Quali sono le parole omofobe e razziste che Sarri ha detto a Mancini?


Quali sono le parole omofobe e razziste che Sarri ha detto a Mancini? Ne stanno parlando tutti dopo la partita Inter-Napoli. Mancini accusa Sarri: “Parole razziste contro di me”. E la risposta di Mancini è stata esemplare.

Quali sono le parole omofobe e razziste che Serri ha detto a Mancini? Cosa ha detto Sarri a Mancini?

Roberto Mancini, dopo la lite avuta con Maurizio Sarri al termine di Napoli-Inter (quarto di finale di Tim Cup) rivela ai microfoni Rai: “Cosa mi ha detto Sarri? Che sono un frocio e un finocchio”. Accuse pesantissime quelle del tecnico nerazzurro, che però rincara la dose: “Mi ha chiesto scusa negli spogliatoi, ma si deve vergognare”.

Cosa ha detto Sarri a Mancini?

“Sarri è un razzista e uomini come lui non possono stare nel calcio.

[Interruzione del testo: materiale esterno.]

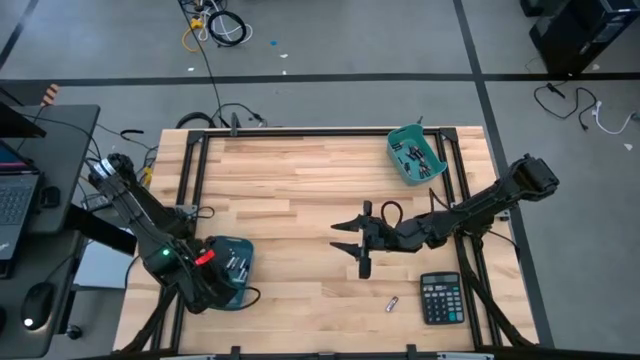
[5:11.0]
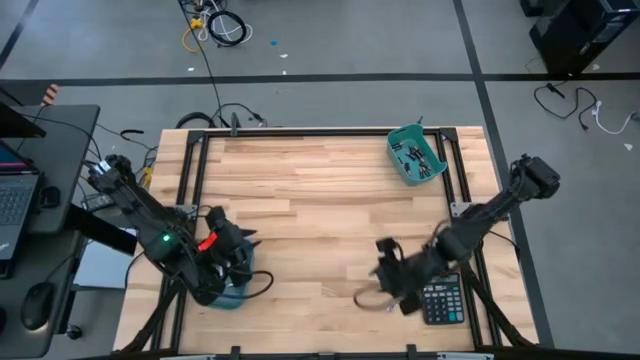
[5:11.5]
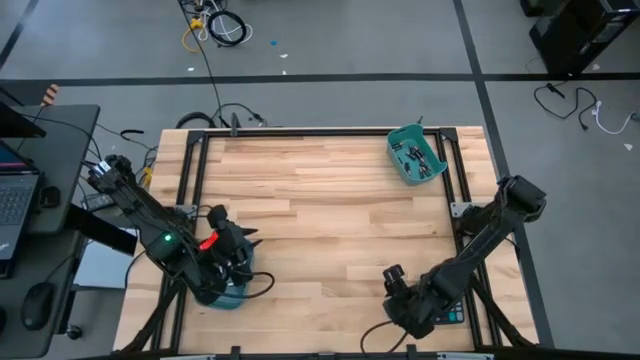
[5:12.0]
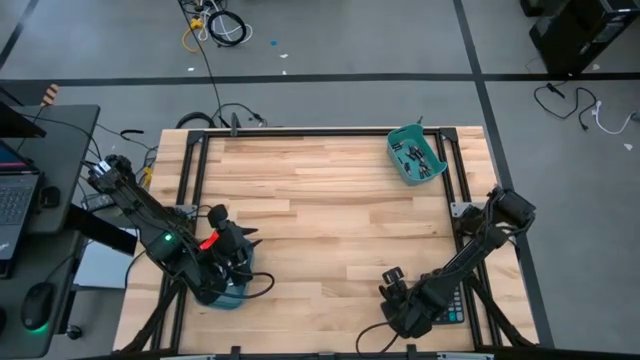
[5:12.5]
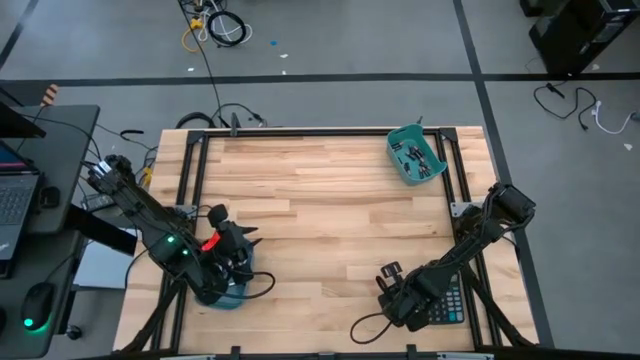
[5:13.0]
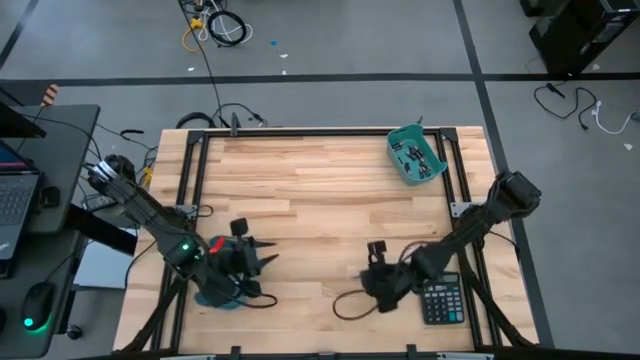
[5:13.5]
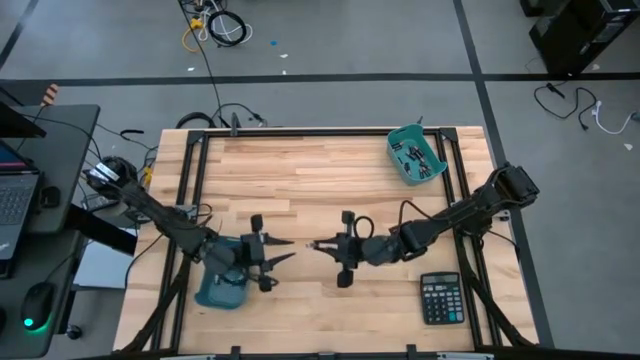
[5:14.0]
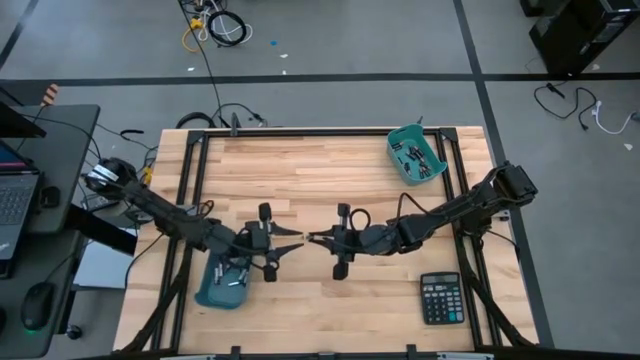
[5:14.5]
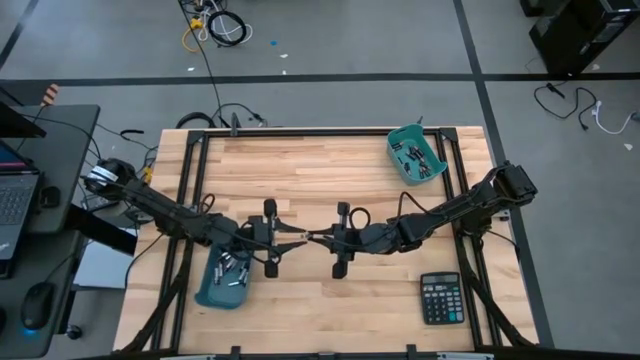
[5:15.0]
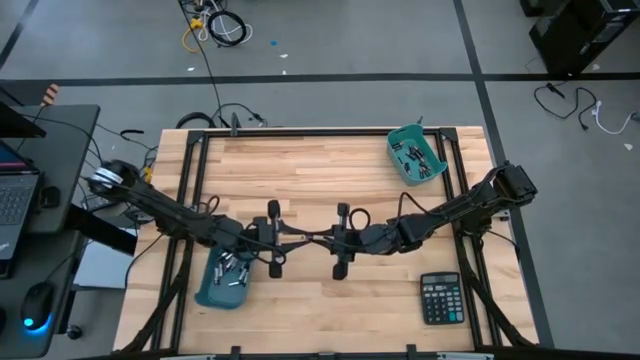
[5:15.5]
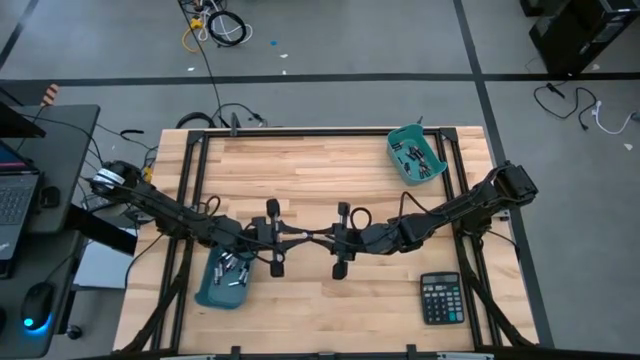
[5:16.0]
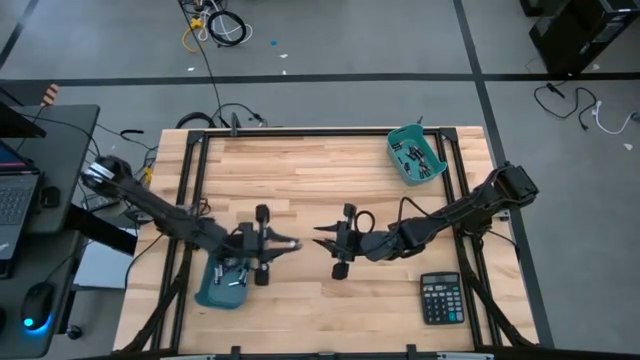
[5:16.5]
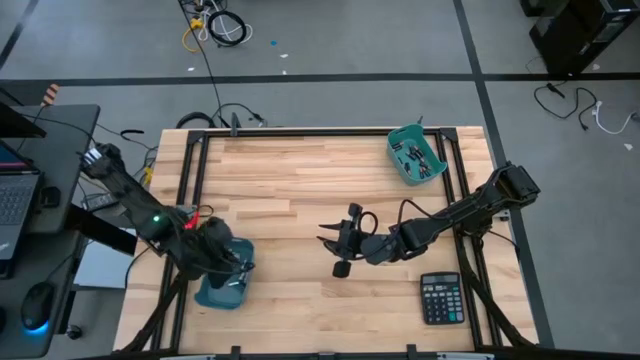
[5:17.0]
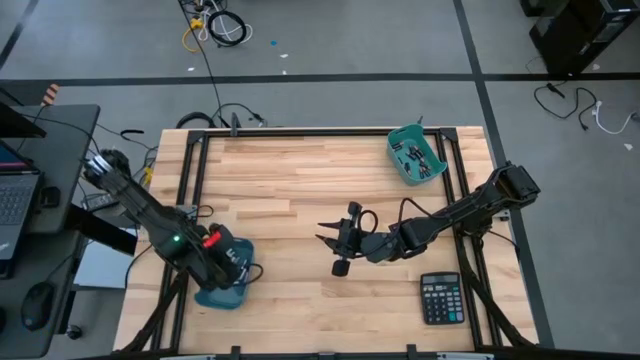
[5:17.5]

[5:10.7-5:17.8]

Io mi sono alzato per chiedere al quarto uomo perché mai 5 minuti di recupero. Lui si è alzato e mi ha urlato ‘frocio’ e ‘finocchio’. Io sono orgoglioso di esserlo, se lui è un uomo. Il 4° uomo era lì, ha sentito e non ha detto niente. Della partita non mi interessa niente, una persona di 60 anni che si comporta così è una vergogna. Si può litigare, ma questa è una vergogna. Sono andato a cercarlo negli spogliatoi, mi ha chiesto scusa, ma in Inghilterra uno come lui non avrebbe mai messo piede sul campo”, dice Mancini.

E ancora: Sono cose di campo, che dovrebbero finire in campo. Negli spogliatoi gli ho chiesto scusa e mi aspetto che le accetti e che si scusi anche lui. Io omofobo? Non mi ricordo nemmeno cosa gli ho detto. Mi sembra un’esagerazione, era un insulto di rabbia, senza alcun secondo fine

Sarri è stato mofobo anche nel 2014. Ecco come. “Il calcio è diventato uno sport per froci. Abbiamo subito il doppio dei falli, ma abbiamo avuto più gialli noi. E’ uno sport di contatto e in Italia si fischia molto di più che in Inghilterra con interpretazione da omosessuali”, queste le sue dichiarazioni.